(WHAT IS BEING ASKED):
Your task is to repeat exactly the lines from the one with "A book cover" through the end of the records, both included; please leave the pictures out.

BEGIN RECORDS TO USE

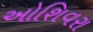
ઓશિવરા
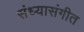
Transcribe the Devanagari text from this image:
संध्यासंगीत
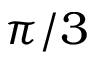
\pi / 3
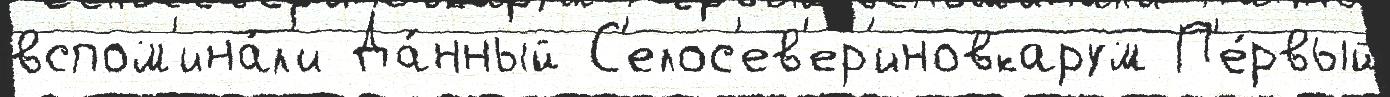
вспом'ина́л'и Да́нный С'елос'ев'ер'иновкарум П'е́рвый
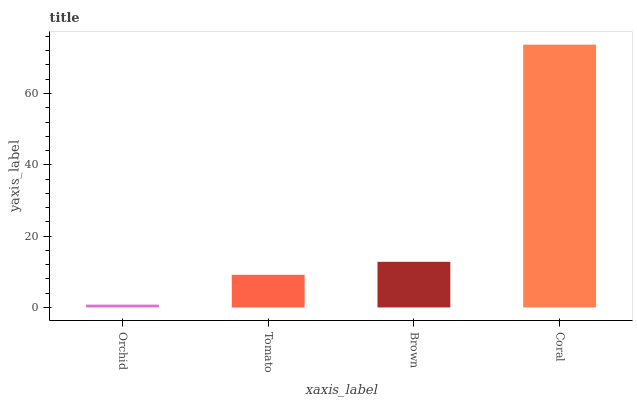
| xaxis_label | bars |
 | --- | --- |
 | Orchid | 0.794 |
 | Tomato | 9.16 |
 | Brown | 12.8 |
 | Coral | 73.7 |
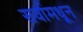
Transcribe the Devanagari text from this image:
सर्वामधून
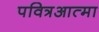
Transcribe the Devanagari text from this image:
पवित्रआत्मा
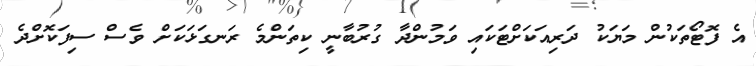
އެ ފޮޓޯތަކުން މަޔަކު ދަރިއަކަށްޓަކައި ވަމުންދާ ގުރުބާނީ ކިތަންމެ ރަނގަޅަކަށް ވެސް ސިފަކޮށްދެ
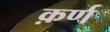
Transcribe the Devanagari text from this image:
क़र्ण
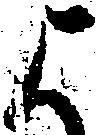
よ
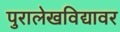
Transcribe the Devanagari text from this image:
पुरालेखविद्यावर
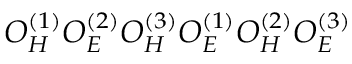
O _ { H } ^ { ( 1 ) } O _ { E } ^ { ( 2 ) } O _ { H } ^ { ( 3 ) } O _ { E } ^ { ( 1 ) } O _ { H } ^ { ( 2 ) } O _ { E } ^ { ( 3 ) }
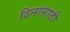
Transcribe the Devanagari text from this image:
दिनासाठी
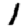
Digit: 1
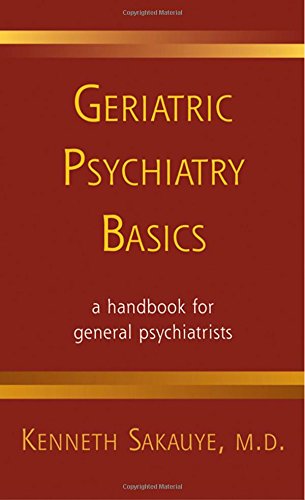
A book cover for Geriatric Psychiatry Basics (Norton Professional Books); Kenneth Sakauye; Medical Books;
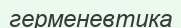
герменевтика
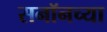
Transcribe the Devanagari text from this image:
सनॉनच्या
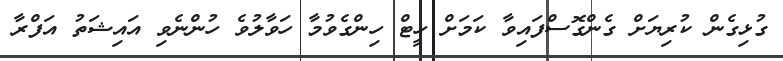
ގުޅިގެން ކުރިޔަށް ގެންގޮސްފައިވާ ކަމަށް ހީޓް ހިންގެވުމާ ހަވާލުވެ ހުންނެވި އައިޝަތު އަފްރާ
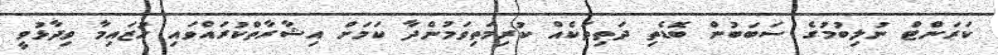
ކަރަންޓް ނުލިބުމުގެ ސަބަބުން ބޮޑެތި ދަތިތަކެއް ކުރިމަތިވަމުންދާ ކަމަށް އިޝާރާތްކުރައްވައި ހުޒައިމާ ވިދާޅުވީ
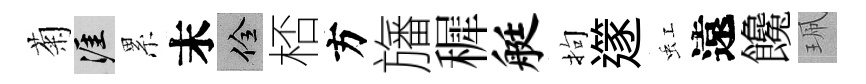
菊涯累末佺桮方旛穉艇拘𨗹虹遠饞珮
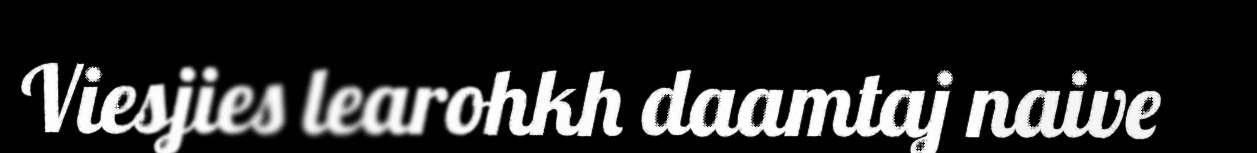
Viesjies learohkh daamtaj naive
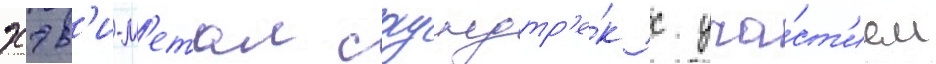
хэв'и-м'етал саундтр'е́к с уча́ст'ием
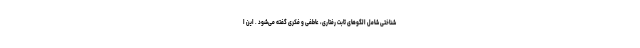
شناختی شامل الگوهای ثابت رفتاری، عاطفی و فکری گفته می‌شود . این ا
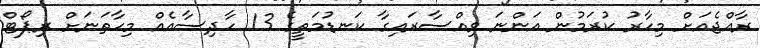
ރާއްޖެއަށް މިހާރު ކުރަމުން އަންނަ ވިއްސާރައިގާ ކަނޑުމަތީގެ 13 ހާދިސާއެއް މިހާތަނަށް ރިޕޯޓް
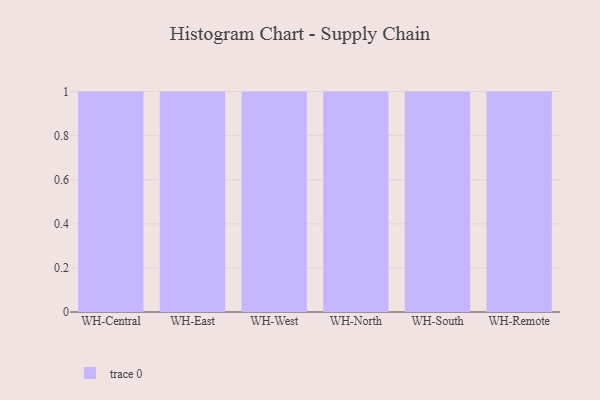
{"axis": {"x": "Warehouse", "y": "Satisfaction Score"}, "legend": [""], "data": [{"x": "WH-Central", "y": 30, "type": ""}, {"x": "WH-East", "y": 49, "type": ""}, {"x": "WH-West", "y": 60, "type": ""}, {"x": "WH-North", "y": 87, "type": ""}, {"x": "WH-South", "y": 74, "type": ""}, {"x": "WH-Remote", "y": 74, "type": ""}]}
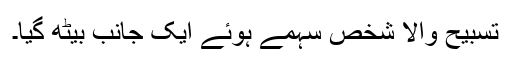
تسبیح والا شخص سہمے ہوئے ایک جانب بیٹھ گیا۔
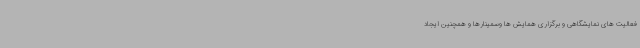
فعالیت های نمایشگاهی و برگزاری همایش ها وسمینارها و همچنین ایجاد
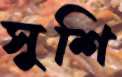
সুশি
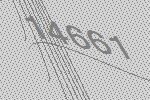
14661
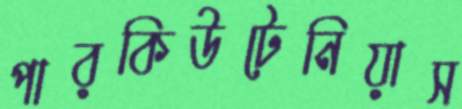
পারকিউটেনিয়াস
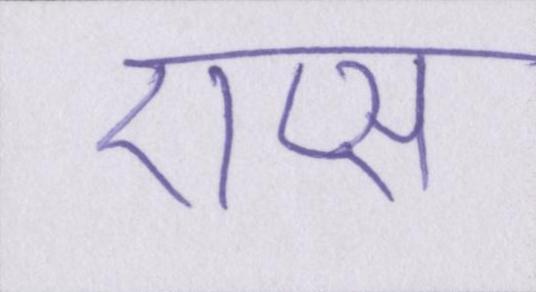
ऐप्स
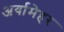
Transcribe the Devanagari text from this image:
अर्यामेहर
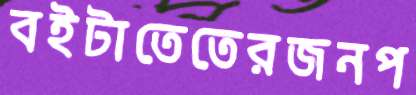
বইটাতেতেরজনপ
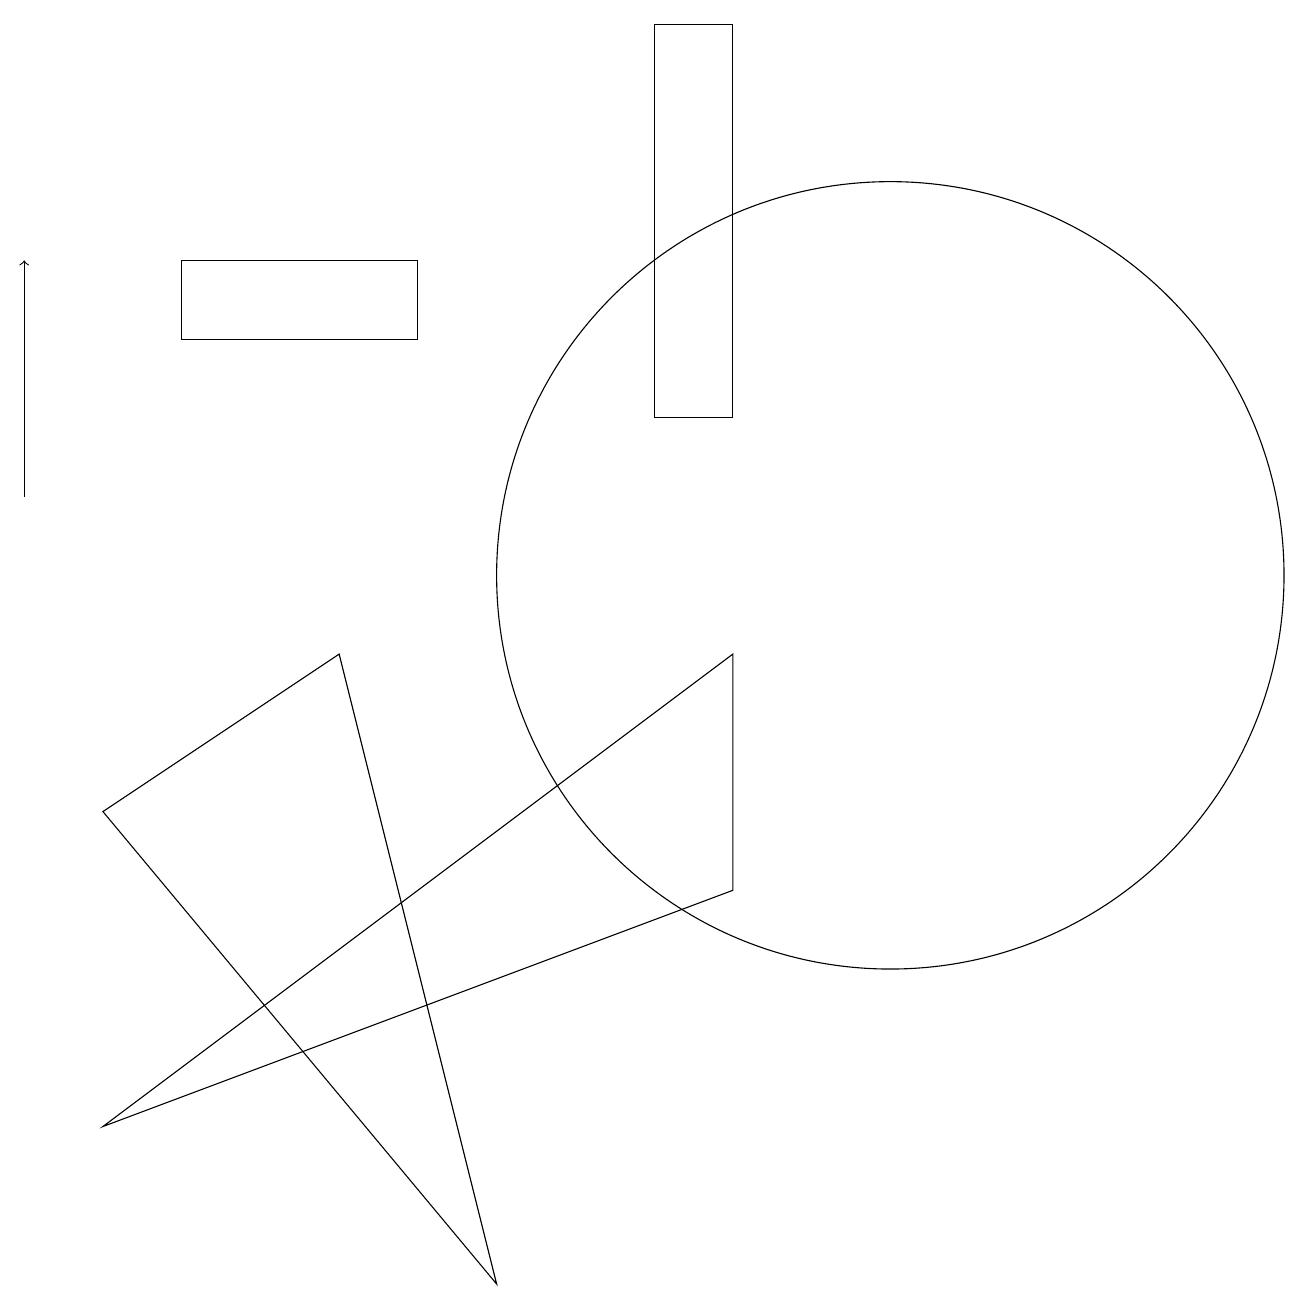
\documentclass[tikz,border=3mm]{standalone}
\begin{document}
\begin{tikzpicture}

END RECORDS TO USE

(RESULT BELOW):
A book cover for Geriatric Psychiatry Basics (Norton Professional Books); Kenneth Sakauye; Medical Books;
герменевтика
Transcribe the Devanagari text from this image:
सनॉनच्या
ގުޅިގެން ކުރިޔަށް ގެންގޮސްފައިވާ ކަމަށް ހީޓް ހިންގެވުމާ ހަވާލުވެ ހުންނެވި އައިޝަތު އަފްރާ
ކަރަންޓް ނުލިބުމުގެ ސަބަބުން ބޮޑެތި ދަތިތަކެއް ކުރިމަތިވަމުންދާ ކަމަށް އިޝާރާތްކުރައްވައި ހުޒައިމާ ވިދާޅުވީ
菊涯累末佺桮方旛穉艇拘𨗹虹遠饞珮
Viesjies learohkh daamtaj naive
хэв'и-м'етал саундтр'е́к с уча́ст'ием
شناختی شامل الگوهای ثابت رفتاری، عاطفی و فکری گفته می‌شود . این ا
ރާއްޖެއަށް މިހާރު ކުރަމުން އަންނަ ވިއްސާރައިގާ ކަނޑުމަތީގެ 13 ހާދިސާއެއް މިހާތަނަށް ރިޕޯޓް
{"axis": {"x": "Warehouse", "y": "Satisfaction Score"}, "legend": [""], "data": [{"x": "WH-Central", "y": 30, "type": ""}, {"x": "WH-East", "y": 49, "type": ""}, {"x": "WH-West", "y": 60, "type": ""}, {"x": "WH-North", "y": 87, "type": ""}, {"x": "WH-South", "y": 74, "type": ""}, {"x": "WH-Remote", "y": 74, "type": ""}]}
تسبیح والا شخص سہمے ہوئے ایک جانب بیٹھ گیا۔
فعالیت های نمایشگاهی و برگزاری همایش ها وسمینارها و همچنین ایجاد
সুশি
14661
পারকিউটেনিয়াস
ऐप्स
Transcribe the Devanagari text from this image:
अर्यामेहर
বইটাতেতেরজনপ
\documentclass[tikz,border=3mm]{standalone}
\begin{document}
\begin{tikzpicture}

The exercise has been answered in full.